▶ **YOUR INSTRUCTIONS**
Could you reproduce the entries exactly, omitting every picture?

▶ **SUPPLIED INFORMATION**
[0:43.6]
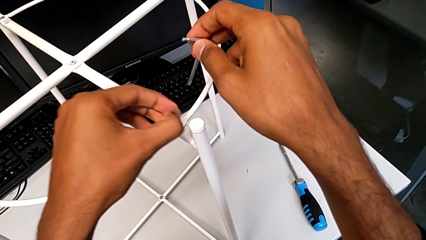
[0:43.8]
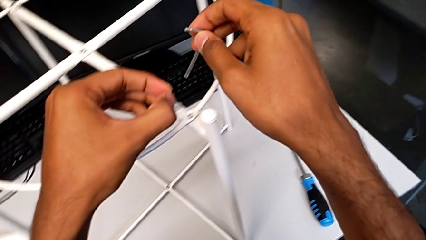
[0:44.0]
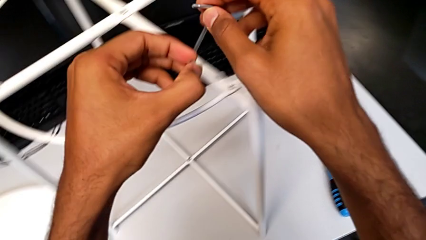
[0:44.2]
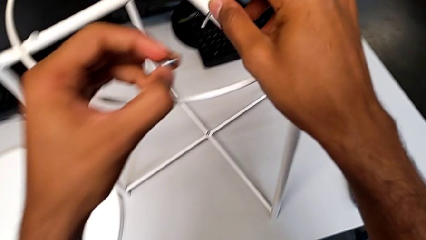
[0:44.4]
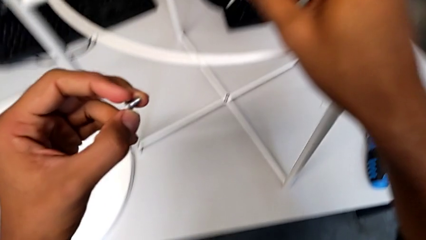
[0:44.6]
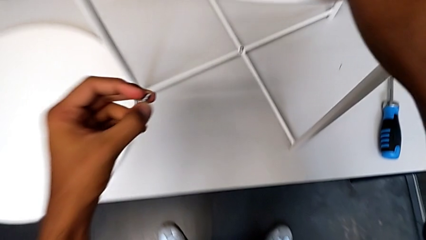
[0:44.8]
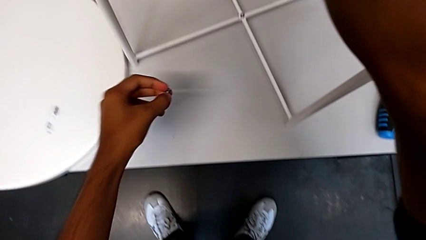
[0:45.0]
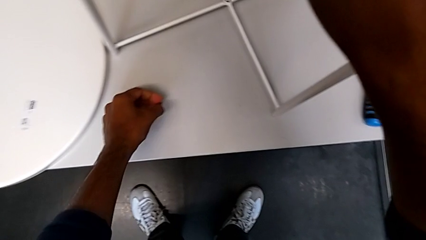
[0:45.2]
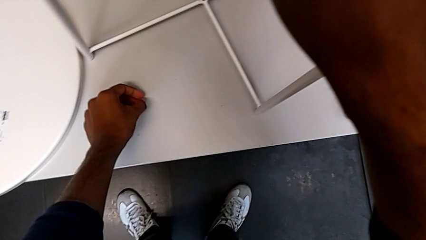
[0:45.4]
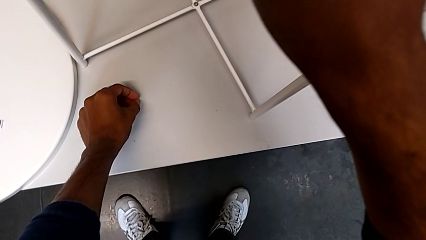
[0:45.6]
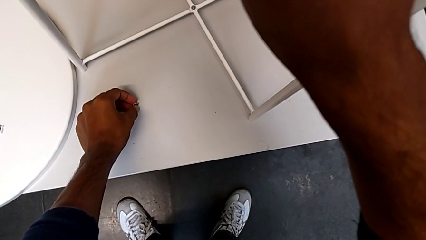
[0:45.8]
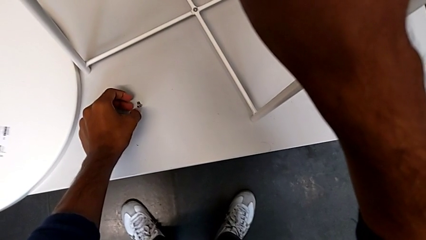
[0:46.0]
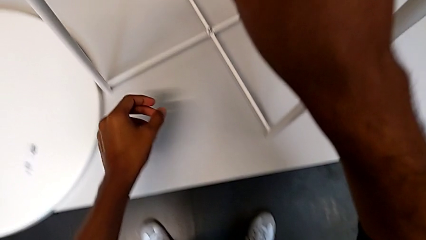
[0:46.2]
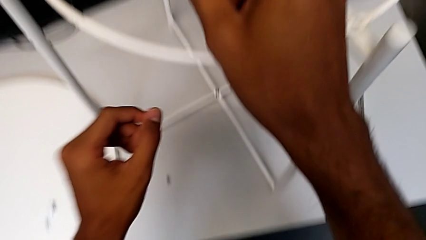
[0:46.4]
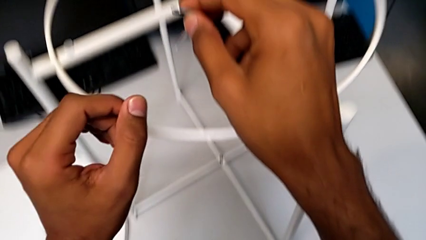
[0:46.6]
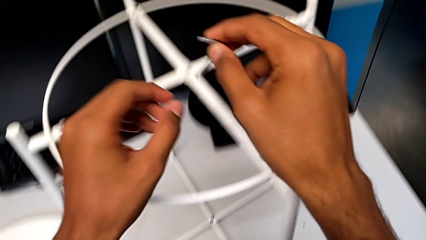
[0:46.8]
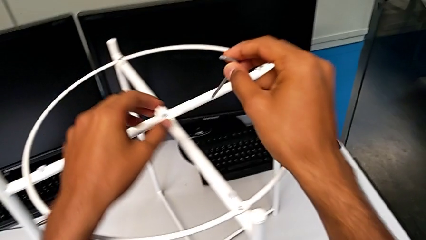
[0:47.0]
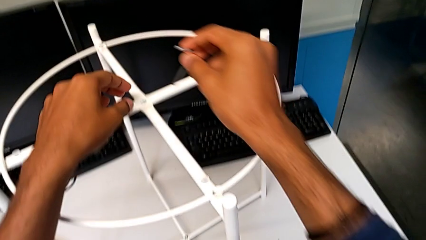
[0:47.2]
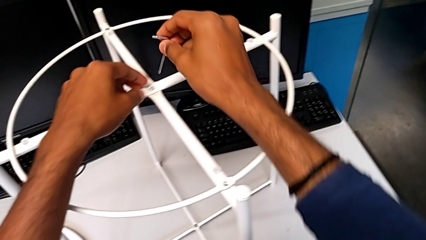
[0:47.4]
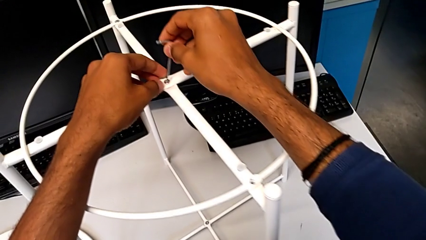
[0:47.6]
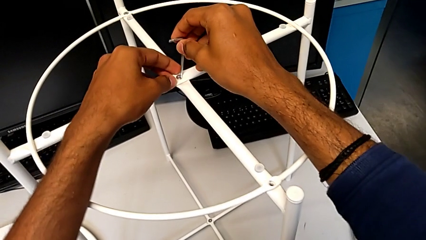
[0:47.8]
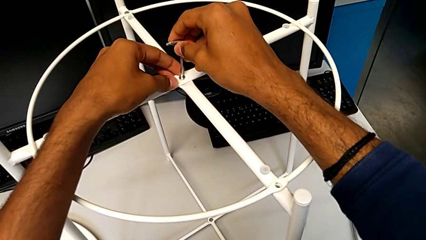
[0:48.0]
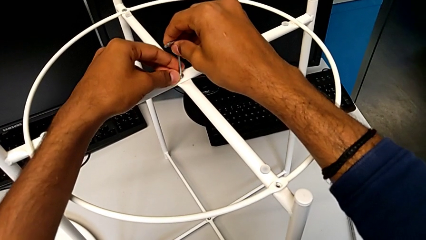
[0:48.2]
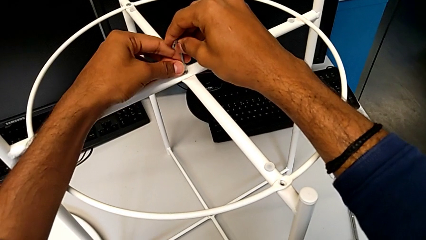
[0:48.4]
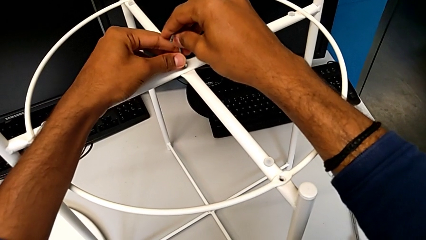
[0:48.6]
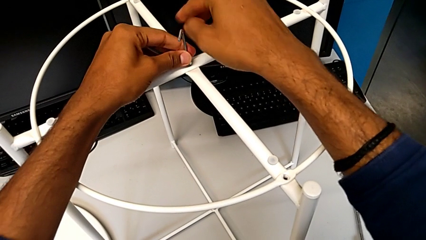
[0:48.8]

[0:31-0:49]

▶ **RESPONSE AREA**
[0:43.6]
[0:43.8]
[0:44.0]
[0:44.2]
[0:44.4]
[0:44.6]
[0:44.8]
[0:45.0]
[0:45.2]
[0:45.4]
[0:45.6]
[0:45.8]
[0:46.0]
[0:46.2]
[0:46.4]
[0:46.6]
[0:46.8]
[0:47.0]
[0:47.2]
[0:47.4]
[0:47.6]
[0:47.8]
[0:48.0]
[0:48.2]
[0:48.4]
[0:48.6]
[0:48.8]

[0:31-0:49]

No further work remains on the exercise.